Administração municipal 22/10/2021 | 12h08

Professora foi demitida após sindicância e procedimento disciplinar apontarem infrações ao estatuto dos servidores


Professora foi demitida após sindicância e procedimento disciplinar apontarem infrações ao estatuto dos servidores
Foto: Prefeitura de Caxias do Sul Divulgação

A professora Monique Varella Emer, que fez postagens nas redes sociais com posicionamentos políticos e ameaçou a vice-prefeita Paula Ioris (PSDB) após as eleições de 2020 foi demitida da Secretaria Municipal da Educação (Smed) de Caxias do Sul. A decisão foi publicada na edição extra do Diário Oficial do Município de quarta-feira (19), com portaria assinada pelo prefeito Adiló Didomenico (PSDB) no dia 13 de outubro.

O titular da Procuradoria-Geral do Município (PGM), Adriano Tacca, explica que a ex-servidora infringiu três artigos da Lei Complementar 3.673/1991, que estabelece o Estatuto que institui e regula o regime jurídico dos servidores públicos da Prefeitura. Tacca argumenta que todo ato ilícito praticado pelo funcionalismo é passível de sindicância.

No fim de 2020 a denúncia chegou à PGM, quando foi aberto o processo, até que no final o relatório apurou os fatos e sugeriu a aplicação de uma penalidade à professora. De posse do documento, a chefia da ex-servidora aplicou a penalidade. Ela chegou a ser afastada das atividades.

O Estatuto prevê que, no caso da aplicação de uma pena, é preciso abrir um Procedimento Administrativo Disciplinar (PAD), porque o servidor tem direitos e deveres, justifica o procurador. O caso teve o mesmo tratamento que as atuais 300 sindicâncias em andamento na Prefeitura, pontua Adriano Tacca, acrescentando que transcorrido o trâmite, apresentada a defesa e ouvidas as testemunhas no caso de Monique, foi decidido pela demissão.

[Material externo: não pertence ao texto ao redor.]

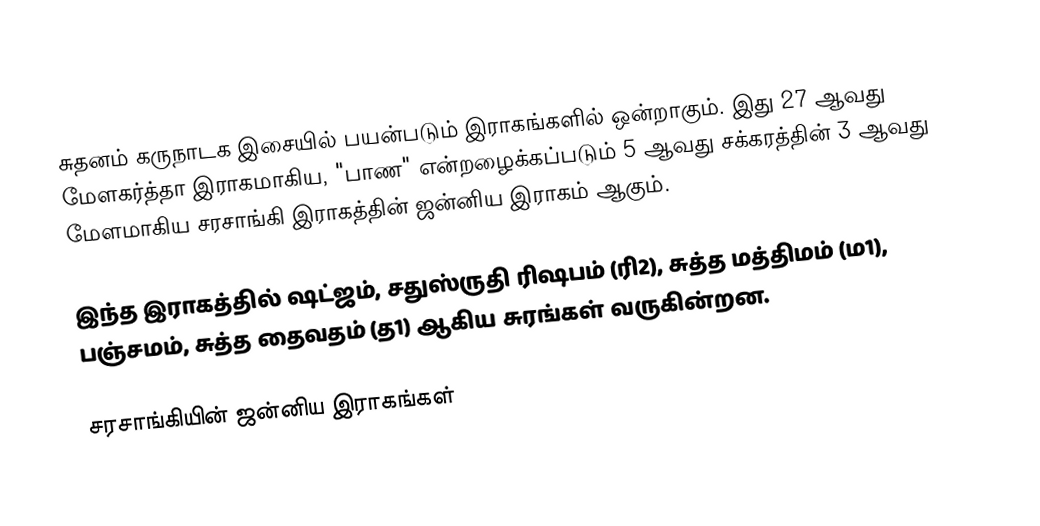
சுதனம் கருநாடக இசையில் பயன்படும் இராகங்களில் ஒன்றாகும். இது 27 ஆவது மேளகர்த்தா இராகமாகிய, "பாண" என்றழைக்கப்படும் 5 ஆவது சக்கரத்தின் 3 ஆவது மேளமாகிய சரசாங்கி இராகத்தின் ஜன்னிய இராகம் ஆகும்.

இந்த இராகத்தில் ஷட்ஜம், சதுஸ்ருதி ரிஷபம் (ரி2),  சுத்த மத்திமம் (ம1), பஞ்சமம், சுத்த தைவதம் (த1) ஆகிய சுரங்கள் வருகின்றன.

சரசாங்கியின் ஜன்னிய இராகங்கள்

Sobre prazos, o procurador complementa que o ano passado e o início de 2021 foram atípicos devido à pandemia, sendo que até poucos meses alguns setores da administração funcionavam com apenas 25% dos servidores, o que dificultou o andamento das sindicâncias. Por isso o lapso temporal de mais de dez meses entre o início e o fim do processo que resultou na exoneração da professora.